Based on these metrics, the plot demonstrates that with an initial length of $24$, the SARIMA$(2,1,0)(0,1,1)_{12}$ performs better than the regression model with SARMA$(3,0)(3,0)_{12}$ errors. With an initial length of $36$, the performance of the regression and SARIMA models is close; however, we can say the regression model slightly outperforms the SARIMA model. With increased lengths of $48$ and $60$, we observe a significant improvement in performance with the regression model with SARMA$(3,0)(3,0)_{12}$ errors.

The conclusion of this analysis is that with 120 months of observations, using the regression model with SARMA$(3,0)(3,0)_{12}$ errors results in better forecasts when there are a large number of observations. However, it is also important to recognize that the SARIMA$(2,1,0)(0,1,1)_{12}$ model performs better with a limited number of observations. For instance, the subprime mortgage crisis followed by the 2008 crisis contributed to a decline in house prices in subsequent years$^{[2]}$. By 2015, when the effects of the crisis had diminished, there would be very limited data available for forecasting. In such cases, the SARIMA$(2,1,0)(0,1,1)_{12}$ model would be useful.

However, in our scenario, we do not face such limitations and have access to data from the previous 120 months, which shows no significant changes. Therefore, we will use the entire dataset to forecast the next 24 months. Such forecasts are invaluable to policymakers in the local government of Seattle and to real estate investors.

reg_sarma30_30 = Arima(
  seattle_data$logHousingPrice,
  order    = c(3, 0, 0),
  seasonal = list(order = c(3, 0, 0), period = 12),
  xreg     = time
)

n <- length(seattle_data$logHousingPrice)
future_time <- matrix((n + 1):(n + 24))

fc <- forecast(reg_sarma30_30, xreg = future_time, h = 12)
autoplot(fc) +
  ggtitle("12-Month Forecast from SARMA(3,0)(3,0)_12 with Time as Regressor") +
  xlab("Time") +
  ylab("Housing Price (log transformed)")

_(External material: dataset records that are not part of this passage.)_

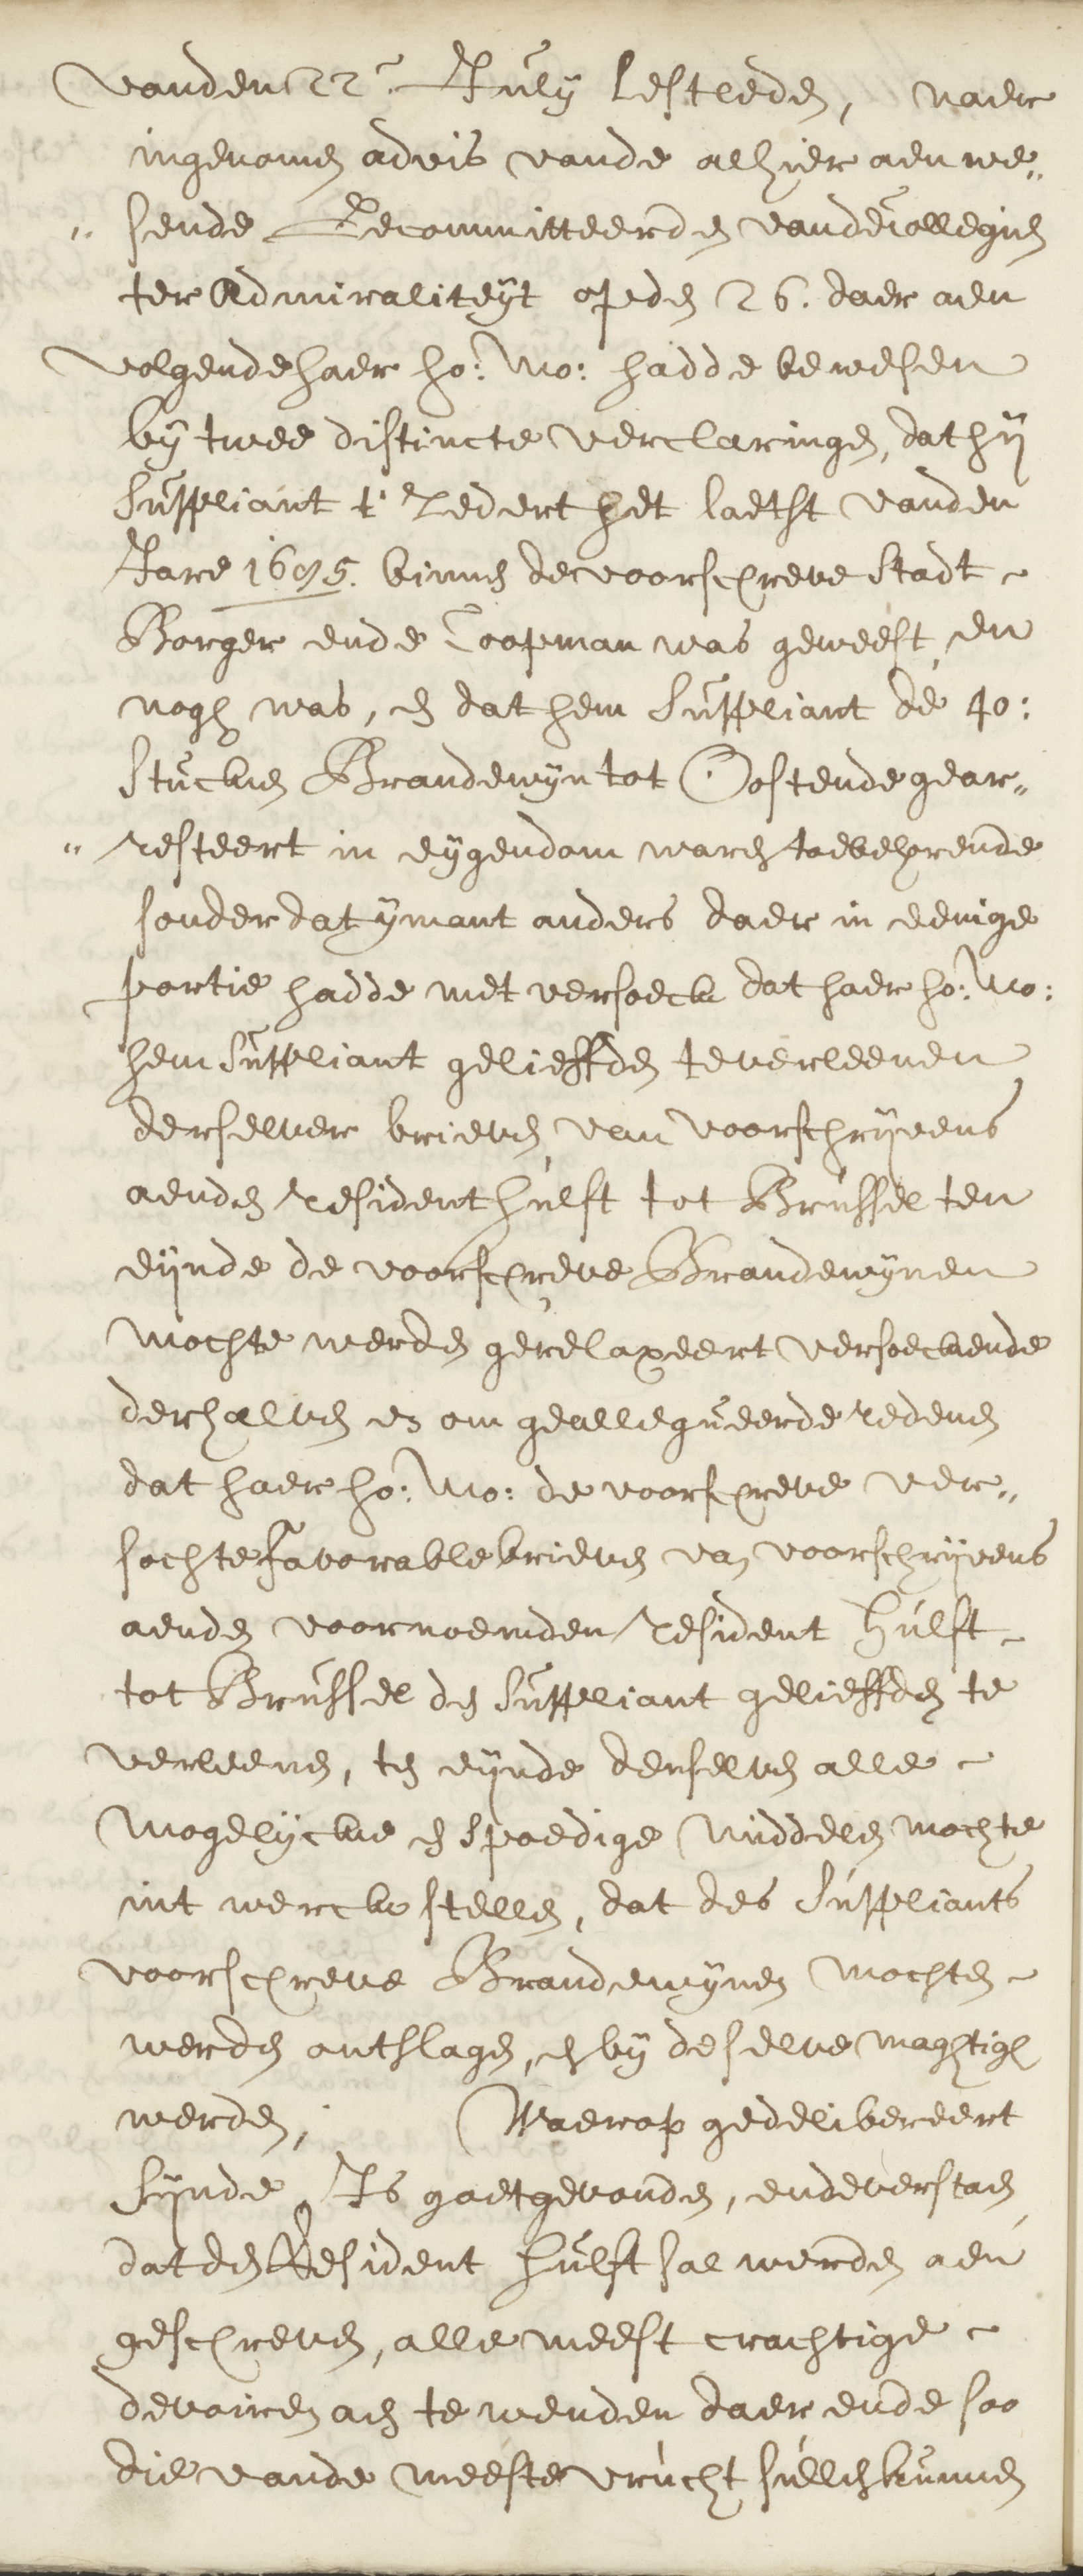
vanden 22e. Julij lestleden, naer
ingenomen advis vande alhier aenwe,,
,,sende Gecommitteerden vande Collegien
ter Admiraliteijt opden 26. daer aen
volgende haer ho:Mo: hadde bewesen
bij twee distincte verclaringen, dat hij
Suppliant t' Zedert het laetst vanden
Jare 1685 binnen de voorschreve Stadt
Borger ende Coopman was geweest en
nogh was, & dat hem Suppliant de 40:
stucken Brandewijn tot Oostende gear„
„resteert in eijgendam waren toebehorende
sonder dat ijmant anders daer in eenige
portie hadde met versoeck dat haer ho:Mo:
hem suppliant gelieffden te verleenen
derselver brieven van voorschrijvens
aenden resident Hulst tot Brussel ten
eijnde de voorschreve Brandewijnen
mochte werden gerelaxeert versoeckende
derhalven en om geallegueerde redenen
dat haer ho:Mo: de voorschreve ver„
sochte favorable brieven van voorschrijvens
aenden voornoemden resident Hulst
tot Brussel den Suppliant gelieffden te
verleenen, ten eijnde denselven alle
mogelijcke & spoedige middelen mochte
int werck stellen, dat des Suppliants
voorschreve Brandewijnen mochten
werden ontslagen, en bij deselve maghtigh
werden; Waerop gedelibereert
sijnde, is goetgevonden, ende verstaen
dat den Resident Hulst sal werden aen
geschreven, alle meest crachtige
devoiren aen te wenden daer ende soo
die vande meeste vrucht sulle kunnen

We see from the forecast that the next 24 month’s house prices has an increasing linear trend with periodic behavior. Note that the use of Autoplot is inspired by project report$^{[11]}$.

5 Conclusion

Our EDA revealed a strong seasonal structure in housing prices using both decomposition and ACF plots. Specifically, we observed negative correlation between summer and winter prices which suggests that price movements in these seasons tend to follow opposite trends. A dominant 12-month periodicity, as confirmed in the frequency domain analysis, also indicates a clear annual seasonality in the data. Furthermore, we also realized a linear looking trend in the data, with a sudden price decline in 2022, which we explained through external factors.

Given the strong seasonal nature of the data, SARIMA emerged as a natural modeling choice. Through extensive experimentation, we determined that applying a log transformation to the data reduced skewness in residuals and thus improved model stability and forecasting performance. Seasonal differencing at a 12-month lag was necessary to remove the annual cyclic component.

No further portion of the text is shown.